Data:
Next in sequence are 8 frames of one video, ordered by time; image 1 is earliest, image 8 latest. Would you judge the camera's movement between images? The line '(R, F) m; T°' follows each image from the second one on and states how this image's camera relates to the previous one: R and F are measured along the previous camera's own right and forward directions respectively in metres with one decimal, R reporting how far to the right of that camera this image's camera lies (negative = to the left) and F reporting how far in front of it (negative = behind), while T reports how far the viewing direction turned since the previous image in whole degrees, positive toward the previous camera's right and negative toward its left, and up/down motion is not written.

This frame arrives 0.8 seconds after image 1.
--
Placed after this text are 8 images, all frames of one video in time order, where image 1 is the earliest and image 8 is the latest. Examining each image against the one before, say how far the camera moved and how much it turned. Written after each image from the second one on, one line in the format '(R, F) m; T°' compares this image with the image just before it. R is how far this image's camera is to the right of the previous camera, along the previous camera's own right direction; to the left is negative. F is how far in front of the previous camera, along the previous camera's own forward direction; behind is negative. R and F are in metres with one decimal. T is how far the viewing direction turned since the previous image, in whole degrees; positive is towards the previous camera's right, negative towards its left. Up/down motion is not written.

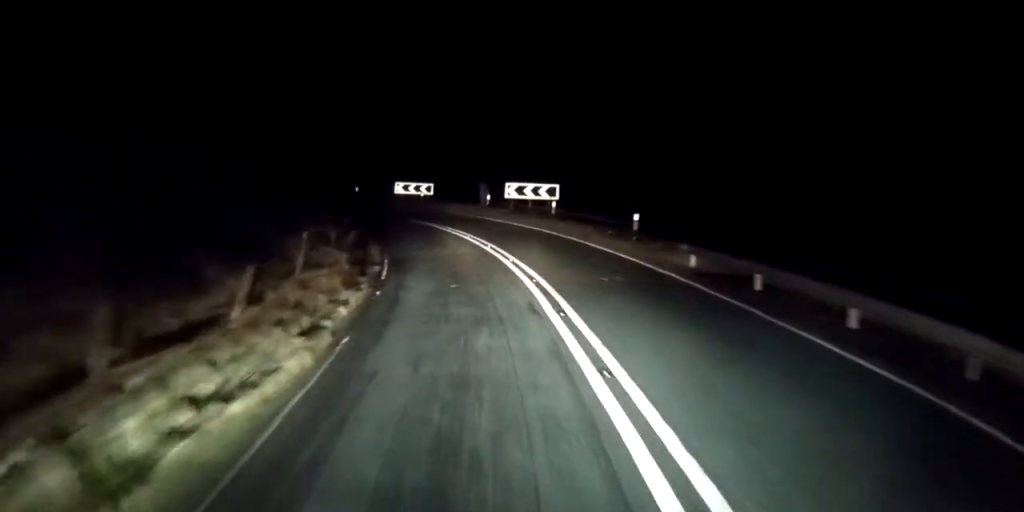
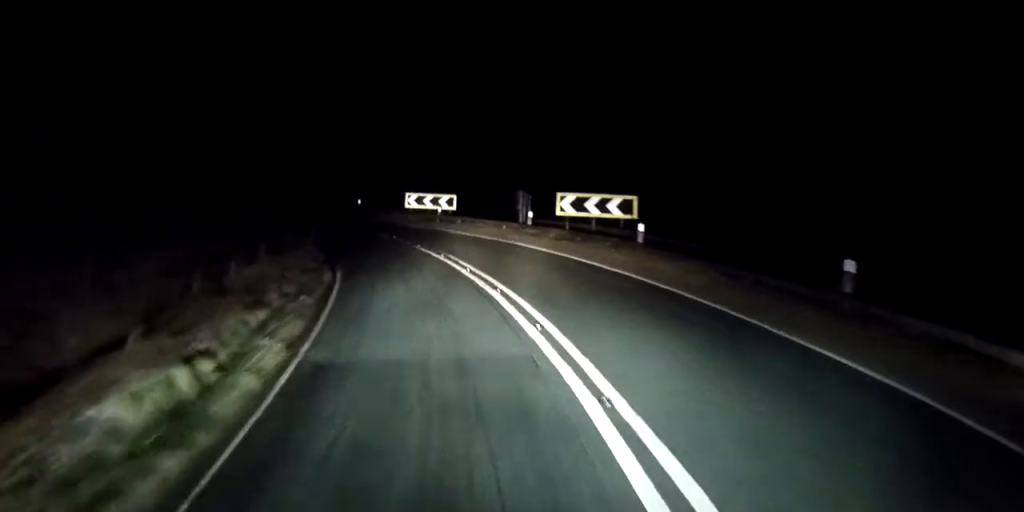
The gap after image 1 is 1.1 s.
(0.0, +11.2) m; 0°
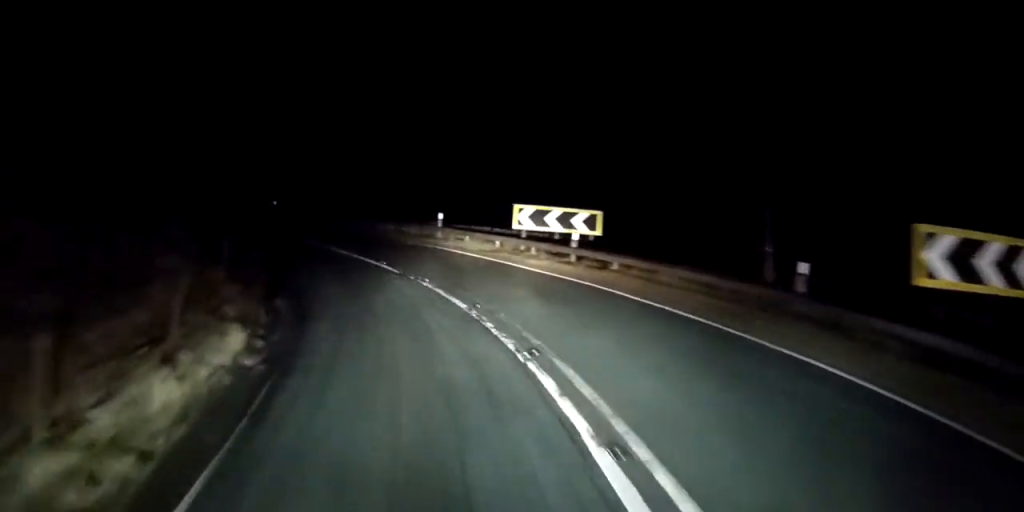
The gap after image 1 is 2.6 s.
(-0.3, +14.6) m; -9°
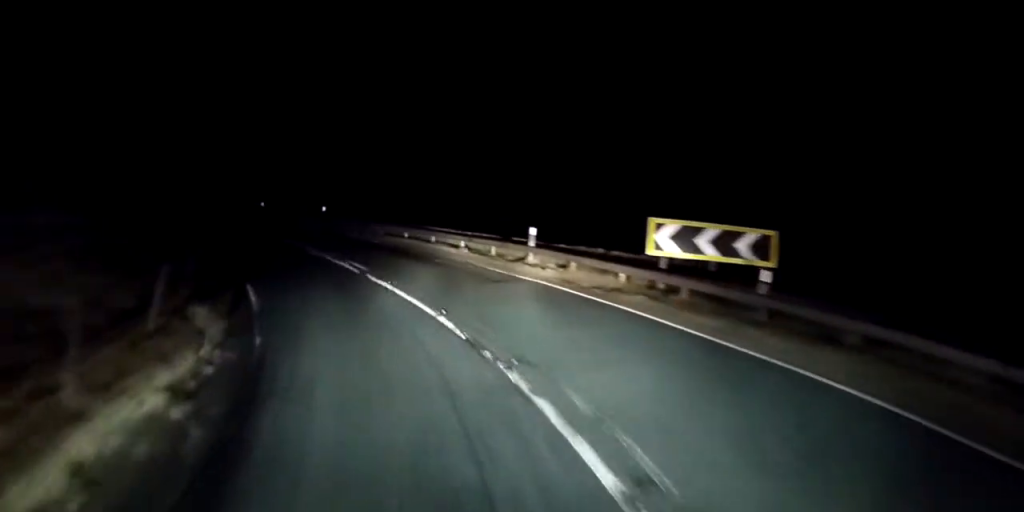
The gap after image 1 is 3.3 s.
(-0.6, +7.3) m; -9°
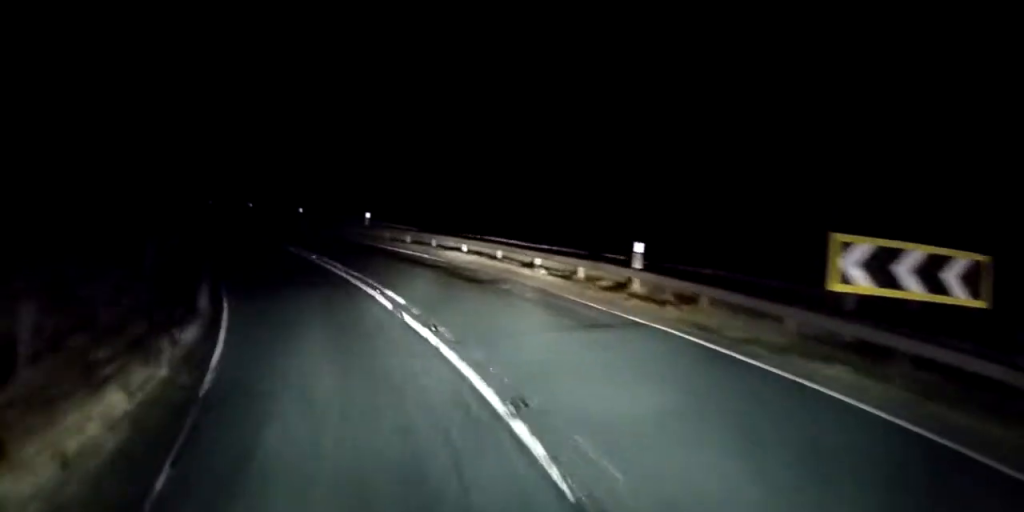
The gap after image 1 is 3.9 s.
...
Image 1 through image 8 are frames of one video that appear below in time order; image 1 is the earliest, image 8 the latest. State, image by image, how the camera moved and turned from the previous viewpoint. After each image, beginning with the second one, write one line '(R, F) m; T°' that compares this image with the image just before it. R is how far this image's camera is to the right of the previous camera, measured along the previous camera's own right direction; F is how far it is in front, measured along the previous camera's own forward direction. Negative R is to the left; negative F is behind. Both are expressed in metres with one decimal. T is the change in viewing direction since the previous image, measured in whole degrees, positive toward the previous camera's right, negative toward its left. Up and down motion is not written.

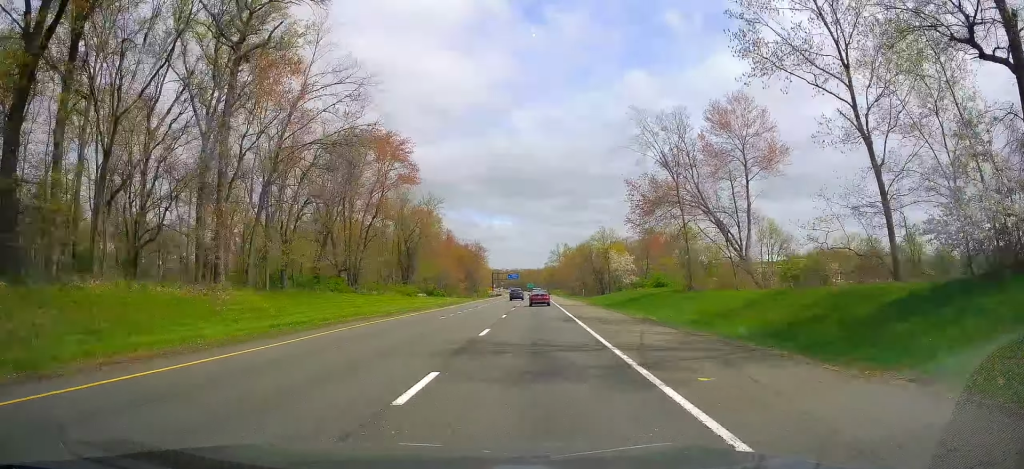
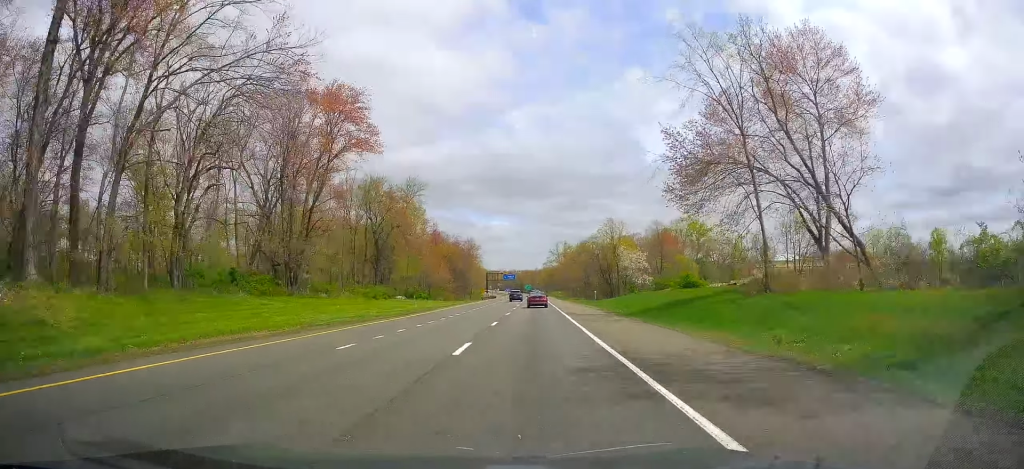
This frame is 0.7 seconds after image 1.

Problem to solve: Which lines hold the string "seconds"? Copy all of them from the data above.

Exercise solution:
This frame arrives 0.8 seconds after image 1.
This frame is 0.7 seconds after image 1.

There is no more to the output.